Nothing but the pictures is dropped; write out all the remaining data below exactly.

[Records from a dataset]
=== Begin Enclosure ===

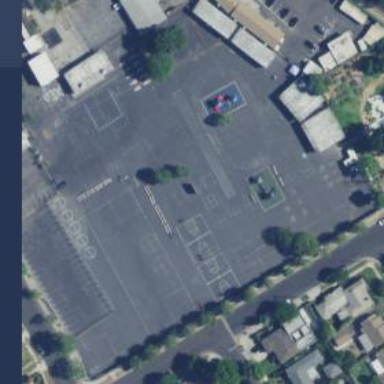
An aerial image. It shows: Asphalt schoolyard for leisure land.
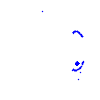
Particle: kaon
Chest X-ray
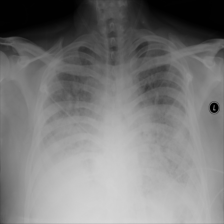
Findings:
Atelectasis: negative
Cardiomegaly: negative
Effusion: negative
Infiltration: negative
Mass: negative
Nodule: negative
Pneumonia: negative
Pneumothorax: negative
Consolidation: negative
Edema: negative
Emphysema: negative
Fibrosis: negative
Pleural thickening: negative
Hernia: negative
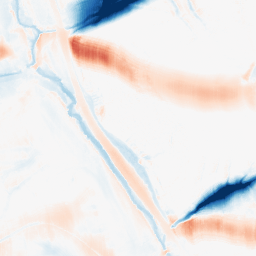
Category: morphological
Decomposition family: morphological_ellipse
Decomposition parameters: operation: average
width: 50
height: 20
Upsampling method: lanczos
Upsampling parameters: scale: 4
Upsampling scale: 4

=== End Enclosure ===

**Reply to the task**
An aerial image. It shows: Asphalt schoolyard for leisure land.
Particle: kaon
Chest X-ray
Findings:
Atelectasis: negative
Cardiomegaly: negative
Effusion: negative
Infiltration: negative
Mass: negative
Nodule: negative
Pneumonia: negative
Pneumothorax: negative
Consolidation: negative
Edema: negative
Emphysema: negative
Fibrosis: negative
Pleural thickening: negative
Hernia: negative
Category: morphological
Decomposition family: morphological_ellipse
Decomposition parameters: operation: average
width: 50
height: 20
Upsampling method: lanczos
Upsampling parameters: scale: 4
Upsampling scale: 4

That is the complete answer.